Basic research in the urological application of HIFU began in the 1980s, primarily in France and the USA, when computer technology became sufficient to facilitate the control and management of this fascinating energy source. The first clinical prototypes for use in urology emerged at that time. Early clinical trials of HIFU therapy for PC during the mid-late 1990s found a relationship between the coagulated prostate volume with HIFU and obstruction. Moreover, the analysis of prospective studies found a high rate of urinary tract infections in that necrotic tissue. As a result of the association between HIFU and obstruction, and consistent with the whole concept of therapy, HIFU has been routinely combined with adjuvant transurethral resection of the prostate (TURP) since 2000 to debulk tumor mass and to radically resect the middle lobes, calcifications, abscesses, and bladder neck [1517].
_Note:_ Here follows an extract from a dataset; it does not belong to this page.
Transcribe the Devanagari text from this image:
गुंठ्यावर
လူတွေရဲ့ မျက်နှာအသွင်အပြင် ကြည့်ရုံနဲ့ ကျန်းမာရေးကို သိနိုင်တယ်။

Due to increased patients’ interest and the current use of HIFU technology worldwide, this article reviewed HIFU to explain the fundamentals of HIFU and to evaluate the evidence concerning the role of HIFU in the treatment of PC as well as to review the technologies used to perform HIFU and the published clinical literature regarding the procedure as a primary treatment for PC.

Material and Methods

An inclusive literature review was carried out in order to review the scientific foundation of HIFU and it was discussed in terms of how it resulted in the development of two distinct devices. The merits and limitations of each of them are addressed. The PubMed, SAGE, MEDLINE and ScienceDirect databases were searched in January 2014 for publications containing any combination of HIFU and PC terms in the title of the report. Abstracts resulting from that search were reviewed for relevance to the clinical outcomes of the procedure.

Full manuscripts were retrieved and reviewed in search for information regarding evaluation of the evidence on the role of HIFU in the treatment of PC as well as the technologies used to perform HIFU and the published clinical literature on the procedure as a primary treatment for PC. Only the papers published between 2000 and 2013 were included in the outcome analysis.

There were no restrictions on the country of origin of the publications, which helped to provide a range of opinions and experiences. Articles identified in the refined search were further reviewed on an individual basis for content.

Results and Discussion

HIFU fundamentals

Around the beginning of the last century, the piezoelectricity phenomenon, the potential of piezoelectric materials as sources of ultrasound, and the biological effects of high-intensity ultrasound were all reported on [1820]. A detailed chronicle of the early work and medical applications of therapeutic ultrasound was presented by Kremkau [21]. The specific properties of focused ultrasound conduction and modes of destruction in normal tissues were investigated further during the 1970s and 1980s, and studies using HIFU to irradiate experimental tumors followed [2225]. The premise behind HIFU is the destruction of tissue by depositing large amounts of energy into it. This is accomplished by increasing the intensity of the waves and focusing the waves on a single point (Figure 1). If done in the right conditions, it will raise the temperature of tissue to a level sufficient to induce irreversible damage in a discrete volume of tissue [26,27].

Figure 1.

Figure 1

Physical principle of focused energy application [26].

The deposit of energy during HIFU can result in two mechanisms of tissue damage [28]. Elevation of tissue temperature leads to melting of lipid membranes and protein denaturation. This is the desired effect of HIFU. If large deposits of energy occur, mechanical damage may result in gas bubble formation and/or cavitation [29]. Gas can form inside tissue during HIFU as a result of several mechanisms [30].

The first mechanism is simply boiling that will occur if the temperature of the tissue is increased beyond the boiling point of the liquids it contains. This will create air pockets that have the potential of reflecting the ultrasound signal and modify, in an uncontrollable way, the HIFU lesion [30]. The second mechanism is cavitation and can be either inertial or stable. During inertial cavitation, gas micro-bubbles form within tissue due to the negative pressure caused by HIFU. Upon the subsequent collapse due to the high pressure of the surrounding medium, the temperature and pressure inside the micro-bubble will increase rapidly. This can lead to the dissipation of the gas into the surrounding medium in the form of a shock wave [30].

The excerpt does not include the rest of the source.